Nawaf Gantare Nawaf Gantare - 10 months ago 44
PHP Question

PHP PregMatch Error with spaces on extract

I want to extract data from a web source but i am getting error in preg match


preg_match("("instapp:owner_user_id" content="(.*)")", $html, $match);
$title = $match[1];

echo $title;

This is the error i get

Parse error: syntax error, unexpected 'instapp' (T_STRING) in
/home/ubuntu/workspace/test.php on line 4

Please help me how can i do this? and i also want to extract more data from the page with regex so is it possible to extract all at once using single code? or i want to use pregmatch many times?

Answer Source

The main problem is that you did not form a valid string literal. Note that PHP supports both single- and double-quoted string literals, and you may use that to your advantage:

preg_match('~"instapp:owner_user_id" content="([^"]*)"~', $html, $match);

While it is OK to use paired (...) symbols as regex delimiters, I'd suggest using a more conventional / or ~/@ symbols.

Also, (.*) is a too generic pattern that may match more than you need since . also matches " and * is a greedy modifier, a negated character class is better, ([^"]*) - 0+ chars other than ".

HOWEVER, to parse HTML in PHP, you may use a DOM parser, like DOMDocument.
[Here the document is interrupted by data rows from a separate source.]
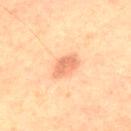{"biopsy_status": "not biopsied; imaged during a skin examination", "site": "chest", "patient": {"sex": "male", "age_approx": 65}, "lesion_size": {"long_diameter_mm_approx": 3.5}, "image": {"source": "total-body photography crop", "field_of_view_mm": 15}, "lighting": "cross-polarized"}
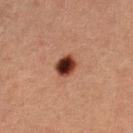Notes:
– follow-up — catalogued during a skin exam; not biopsied
– tile lighting — cross-polarized
– subject — female, aged 38–42
– automated lesion analysis — a lesion color around L≈30 a*≈21 b*≈25 in CIELAB; an automated nevus-likeness rating near 100 out of 100 and lesion-presence confidence of about 100/100
– site — the left lower leg
– size — ~2.5 mm (longest diameter)
– image — ~15 mm tile from a whole-body skin photo
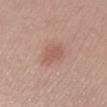{
  "biopsy_status": "not biopsied; imaged during a skin examination",
  "site": "right lower leg",
  "automated_metrics": {
    "eccentricity": 0.65,
    "shape_asymmetry": 0.15,
    "cielab_L": 56,
    "cielab_a": 22,
    "cielab_b": 25,
    "vs_skin_darker_L": 7.0,
    "vs_skin_contrast_norm": 5.0,
    "color_variation_0_10": 1.5,
    "peripheral_color_asymmetry": 0.5
  },
  "lesion_size": {
    "long_diameter_mm_approx": 3.0
  },
  "lighting": "white-light",
  "patient": {
    "sex": "female",
    "age_approx": 25
  },
  "image": {
    "source": "total-body photography crop",
    "field_of_view_mm": 15
  }
}
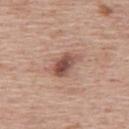| feature | finding |
|---|---|
| biopsy status | no biopsy performed (imaged during a skin exam) |
| image | total-body-photography crop, ~15 mm field of view |
| subject | male, in their 60s |
| location | the upper back |
| TBP lesion metrics | an eccentricity of roughly 0.8 and a symmetry-axis asymmetry near 0.3; a lesion–skin lightness drop of about 12 and a normalized lesion–skin contrast near 8.5; a classifier nevus-likeness of about 65/100 and a detector confidence of about 100 out of 100 that the crop contains a lesion |
| size | ~4 mm (longest diameter) |
| tile lighting | white-light illumination |
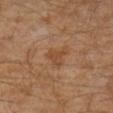follow-up: catalogued during a skin exam; not biopsied | illumination: cross-polarized | lesion diameter: about 3 mm | image: ~15 mm crop, total-body skin-cancer survey | anatomic site: the leg | TBP lesion metrics: a border-irregularity rating of about 5.5/10, a color-variation rating of about 1.5/10, and a peripheral color-asymmetry measure near 0.5; an automated nevus-likeness rating near 0 out of 100 and a lesion-detection confidence of about 100/100 | subject: male, aged 28 to 32.
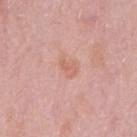Q: Is there a histopathology result?
A: total-body-photography surveillance lesion; no biopsy
Q: What is the imaging modality?
A: ~15 mm crop, total-body skin-cancer survey
Q: Illumination type?
A: white-light
Q: Patient demographics?
A: female, aged 48–52
Q: Lesion location?
A: the right upper arm
Q: Lesion size?
A: about 2.5 mm
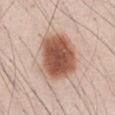No biopsy was performed on this lesion — it was imaged during a full skin examination and was not determined to be concerning. The lesion's longest dimension is about 6.5 mm. Cropped from a total-body skin-imaging series; the visible field is about 15 mm. Captured under white-light illumination. An algorithmic analysis of the crop reported a lesion area of about 26 mm² and an eccentricity of roughly 0.6. The software also gave a border-irregularity rating of about 2/10, a color-variation rating of about 5.5/10, and peripheral color asymmetry of about 1.5. It also reported an automated nevus-likeness rating near 100 out of 100 and a detector confidence of about 100 out of 100 that the crop contains a lesion. On the abdomen. A male subject, in their mid- to late 30s.
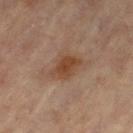notes: imaged on a skin check; not biopsied
tile lighting: cross-polarized illumination
automated metrics: an area of roughly 11 mm², a shape eccentricity near 0.75, and a shape-asymmetry score of about 0.35 (0 = symmetric); a border-irregularity index near 4.5/10, internal color variation of about 3.5 on a 0–10 scale, and a peripheral color-asymmetry measure near 1; a detector confidence of about 100 out of 100 that the crop contains a lesion
size: ≈4.5 mm
patient: female, about 65 years old
image source: 15 mm crop, total-body photography
location: the right leg
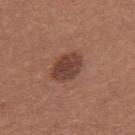workup: catalogued during a skin exam; not biopsied
patient: female, aged approximately 25
image source: total-body-photography crop, ~15 mm field of view
location: the back

Here is a sample to get all meta tags that have content attribute and extracting the value of that attribute and saving in an array:

$html = "<html><head><meta property=\"al:ios:url\" content=\"instagram://media?id=1329656989202933577\" /></head><body><span/></body></html>";
$dom = new DOMDocument('1.0', 'UTF-8');

$xpath = new DOMXPath($dom);
$metas = $xpath->query('//meta[@content]');
$res = array();
foreach($metas as $m) { 
   array_push($res, $m->getAttribute('content'));